Richard stumbled to his feet, staggered, righted himself. ‘Be ready,’ he said before making his way out of the house. He stood at the gate, looked right into woods owned by him, forward into land owned by him, left towards a village that had once been the domain of his family. Here had lived the chandlers, those who had moulded and dipped, who had been grateful for the work provided by the real Chandlers. It was all going, was slipping through his fingers as fast as tallow had dripped its way along wick and into the retrieval bowls beneath.
He forced himself not to roar with rage, then began the walk back into his village. It was a pretty place with rows of terraced houses built in keeping with the rises and pleats of the land, each house constructed from thick, solid stone, their roofs high, then low, depending on the level of the plots on which they stood. There was a public house, named, somewhat predictably, the Chandlers Arms, then a small greengrocery, a post office-cum-general store that sold everything from envelopes to spades. Further on, a few detached homes with gardens announced that the chandlery had housed its management well – these were now the property of educated men, doctors, lawyers, business-folk.

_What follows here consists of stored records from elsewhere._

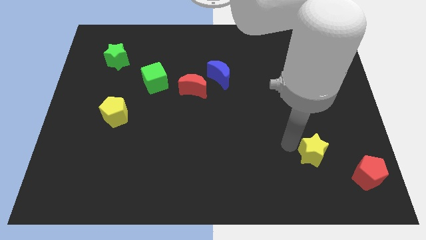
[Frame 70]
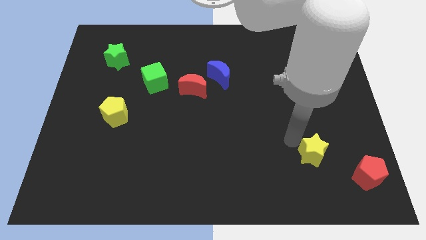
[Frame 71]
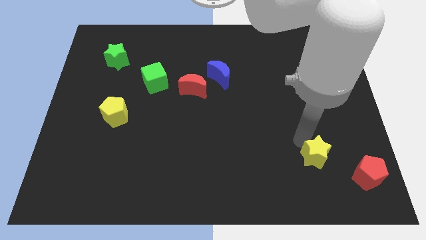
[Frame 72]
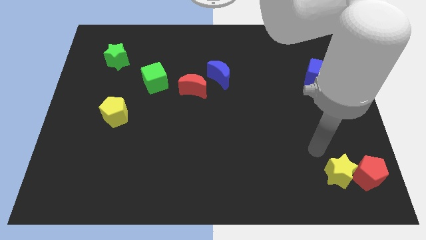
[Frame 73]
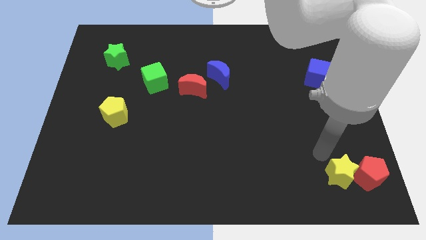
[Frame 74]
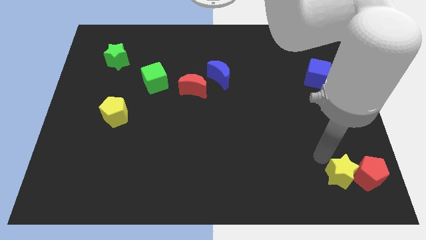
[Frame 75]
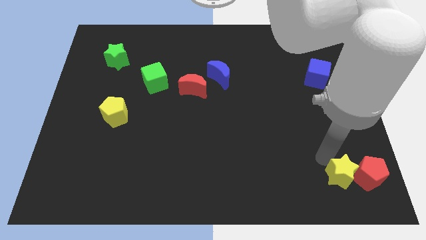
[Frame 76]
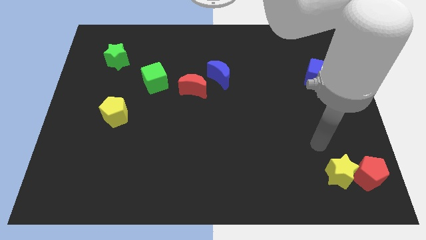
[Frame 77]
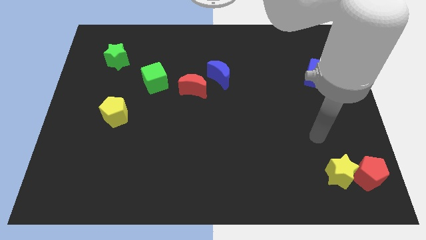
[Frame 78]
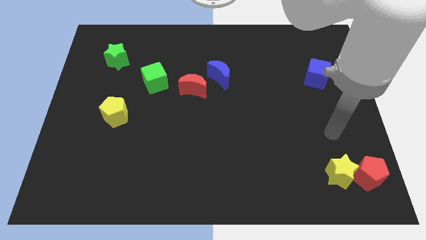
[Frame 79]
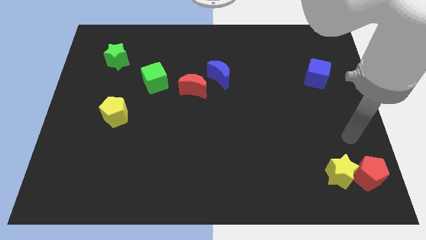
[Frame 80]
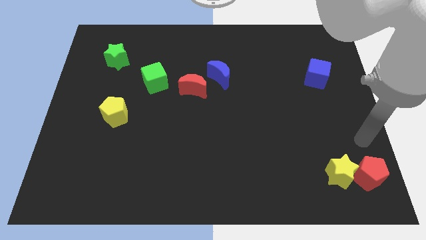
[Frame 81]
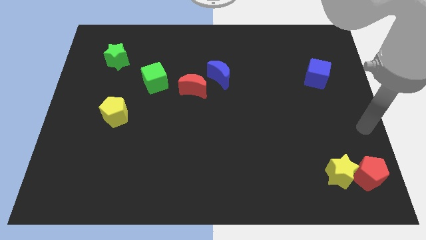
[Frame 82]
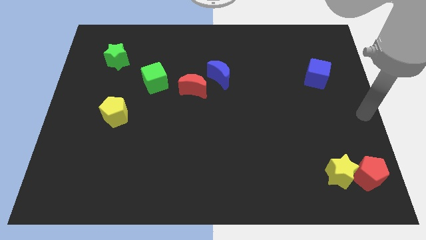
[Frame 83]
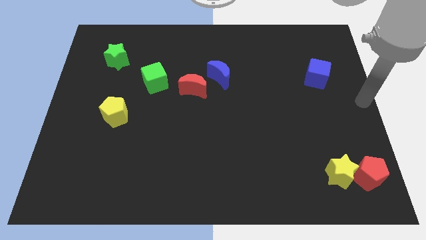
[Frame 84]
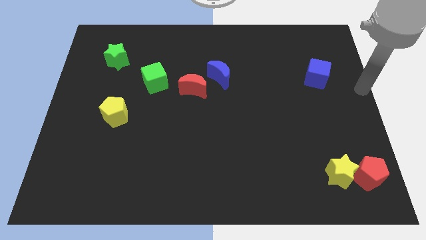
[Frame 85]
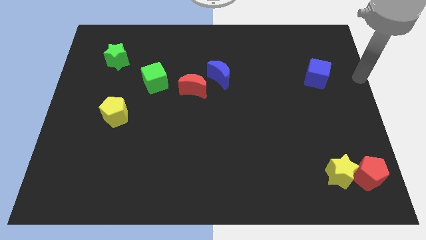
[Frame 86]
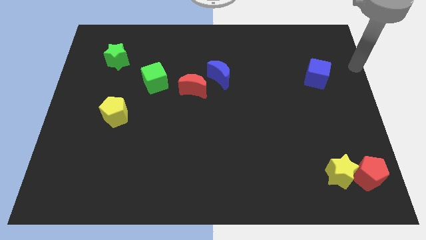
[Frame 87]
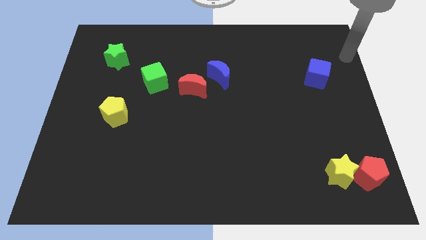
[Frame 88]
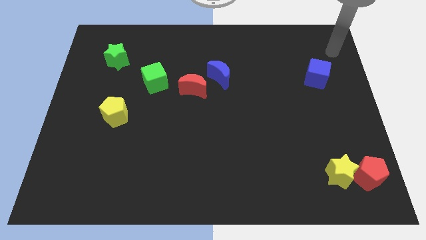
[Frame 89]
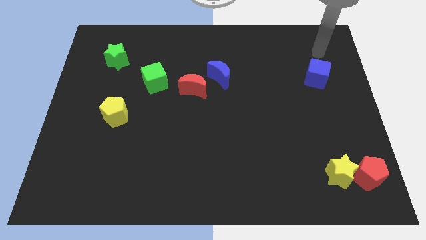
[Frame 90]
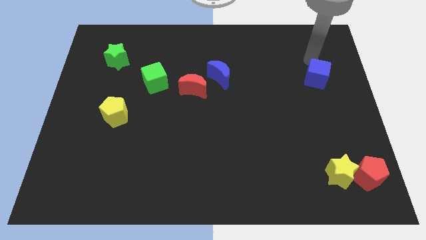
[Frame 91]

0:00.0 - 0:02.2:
push the yellow star into the red pentagon

Except for one. Claughton Cottage, the last house – or the first, depending on where one entered the village – was not yet occupied. He watched the builders at their tasks, could see that a considerable amount of work was being done. Still fuelled by drink, he secreted himself behind a tree and tried to calculate the cost of Martindale’s renovations. It was sickening to think that a man who traded in rubbish was displaying such affluence.
He dared not burn it down, dared not damage the place. What could be done to stop this man arriving here? It would have to be achieved in town, before Martindale and his damned family arrived in Chandlers Green. How? Who? Could he deal with this himself and, if he could not, was there anyone he might appoint to undertake the task for a sum? How was such a man to be punished, stopped, hurt, persuaded … killed?

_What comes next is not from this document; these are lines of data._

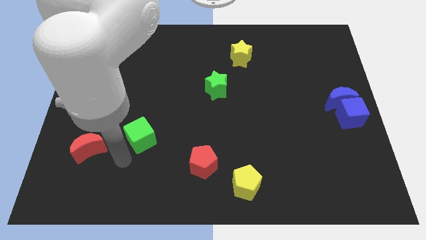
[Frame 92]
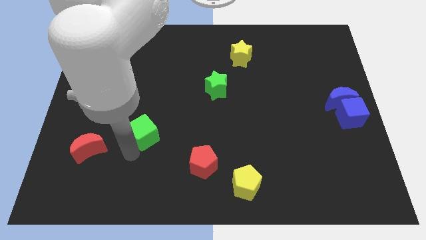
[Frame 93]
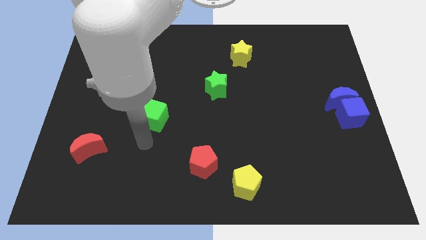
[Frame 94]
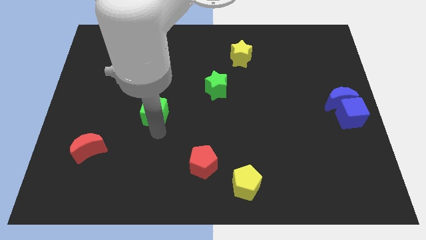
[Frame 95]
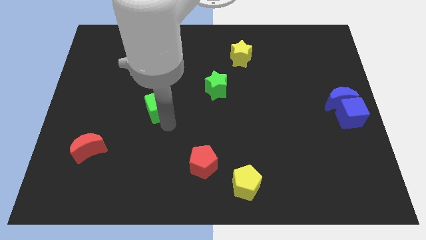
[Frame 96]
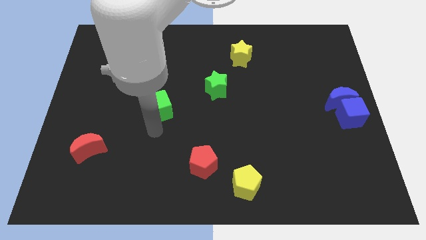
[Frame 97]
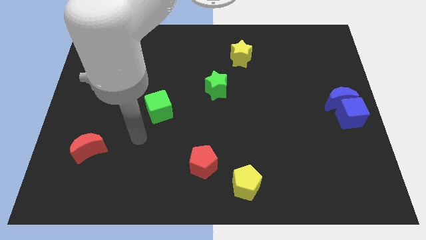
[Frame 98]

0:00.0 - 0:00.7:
place the green cube diagonally to green star

Uncomfortable with his wicked thoughts, Richard slid away onto his own land and strode homeward. At least the fragrant one had stopped threatening to move out. She hadn’t the guts to leave, hadn’t the guts to decide what day it was. God, he was surrounded by fools. He would get home as soon as possible; another whisky would help him organize his mind.
‘Don’t be too hasty.’ Anna sat with Jean and Sally at the kitchen table. She could not remain long, as her nephew might return and she did not want to fuel his paranoia. ‘I must leave soon,’ she said, ‘as he is already convinced that the world conspires against him.’
‘Perhaps it does,’ said Jean, ‘because he is hated not just by his family. You left, Anna. You know that you could not have borne it a moment longer, so how can you expect the rest of us to stay?’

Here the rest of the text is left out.